Human Genome Project Information
(Oak Ridge National Laboratory)
http://www.ornl.gov/sci/techresources /Human_Genome/project/info.shtml How the Human Genome Project was done and what it can tell us about our genetics.
Learn.Genetics, Genetic Science Learning Center
(The University of Utah)
http://learn.genetics.utah.edu/ Terms and concepts related to genetics, including how DNA turns into protein and heredity. Includes an animated "tour" and a game to build a DNA molecule.
DNA from the Beginning
(Cold Spring Harbor Laboratory)
http://www.dnaftb.org/ Terms and concepts related to general genetics and information on historic genetics experiments.
Gene Screen app
(Cold Spring Harbor Laboratory: Dolan DNA Learning Center, Harlem DNA Lab & DNA Learning Center West)
http://www.dnalc.org/resources /gene_screen_app.html Interactive explanations of general genetics concepts, including inheritance. Interactive iPhone/iPod Touch app.
Genetics & Diseases Genes and Disease
(National Center for Biotechnology Information)
http://www.ncbi.nlm.nih.gov/books/NBK22183/ Genes and the genetic disorders and diseases that they cause.
Your Genes, Your Health
(Cold Spring Harbor Laboratory: Dolan DNA Learning Center)
http://www.ygyh.org/ Information on genetic diseases, including their incidence, testing, symptoms, causes, treatments, and more.

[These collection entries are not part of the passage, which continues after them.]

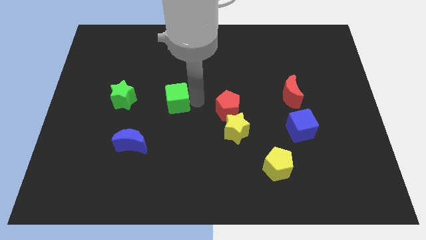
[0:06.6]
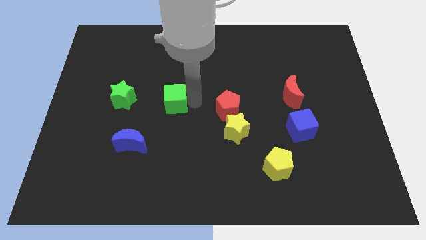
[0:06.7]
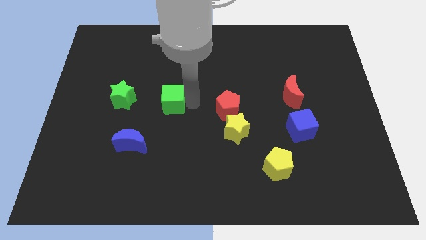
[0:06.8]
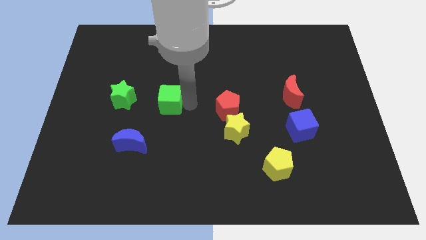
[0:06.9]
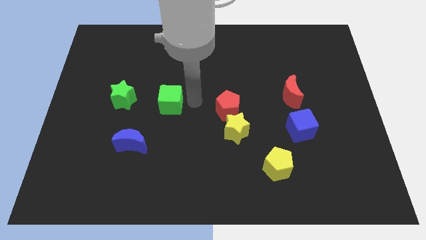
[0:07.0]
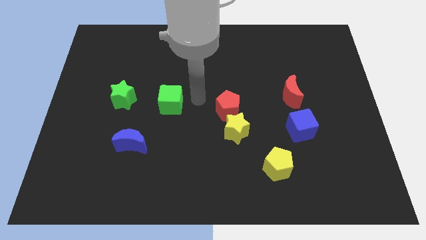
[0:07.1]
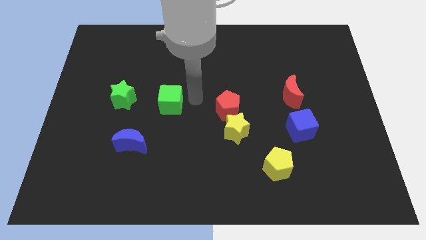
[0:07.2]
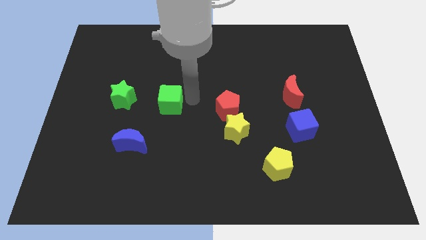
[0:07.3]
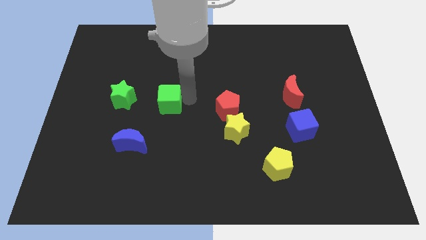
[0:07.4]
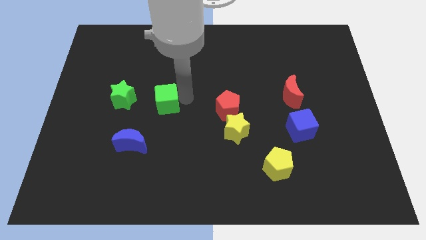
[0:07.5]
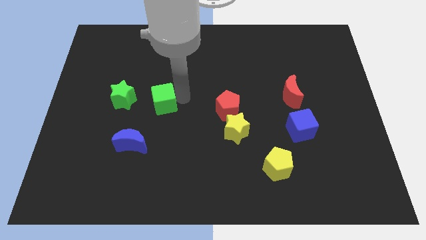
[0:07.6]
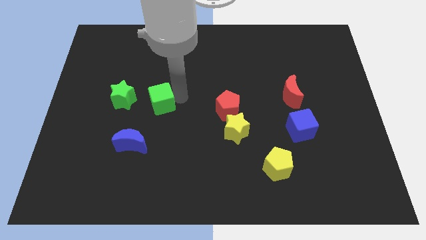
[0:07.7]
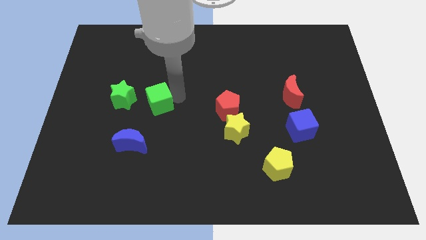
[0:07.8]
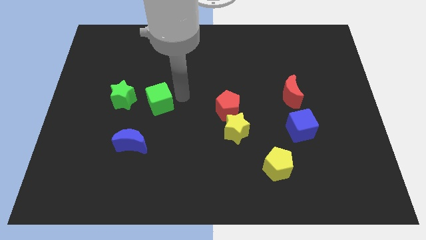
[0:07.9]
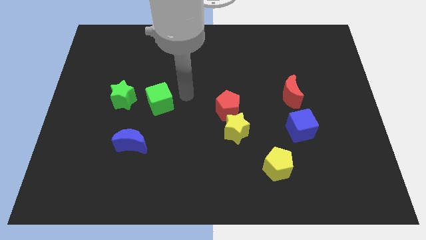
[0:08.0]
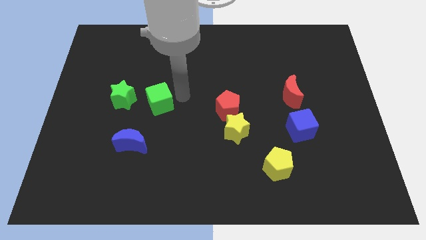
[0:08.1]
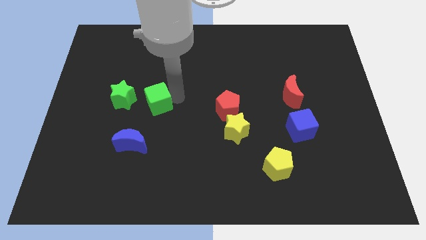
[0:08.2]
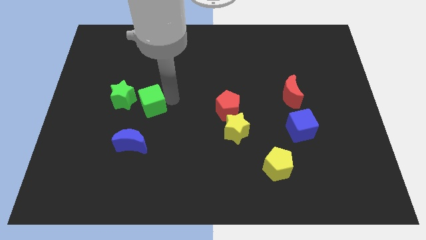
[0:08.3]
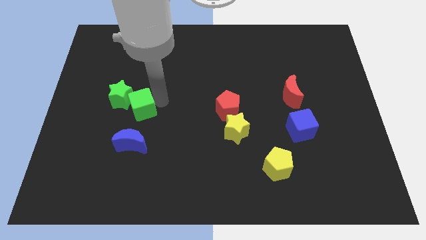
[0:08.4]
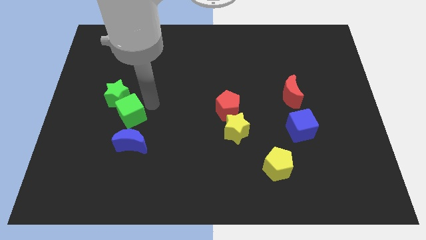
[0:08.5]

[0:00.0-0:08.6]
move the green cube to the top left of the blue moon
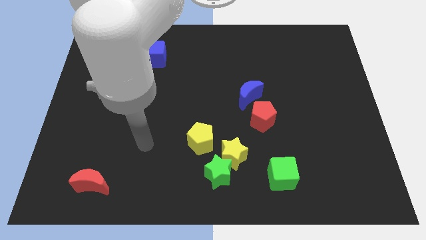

Gene Testing The Genetics of Cancer
(National Cancer Institute at the National Institutes of Health)
http://www.cancer.gov/about-cancer/causes-prevention /genetics/genetic-testing-fact-sheet#q1 What genes are and how to have gene testing done.
spacer
Table 3. There are many resources available online to help provide a basic understanding of genetics concepts and terms.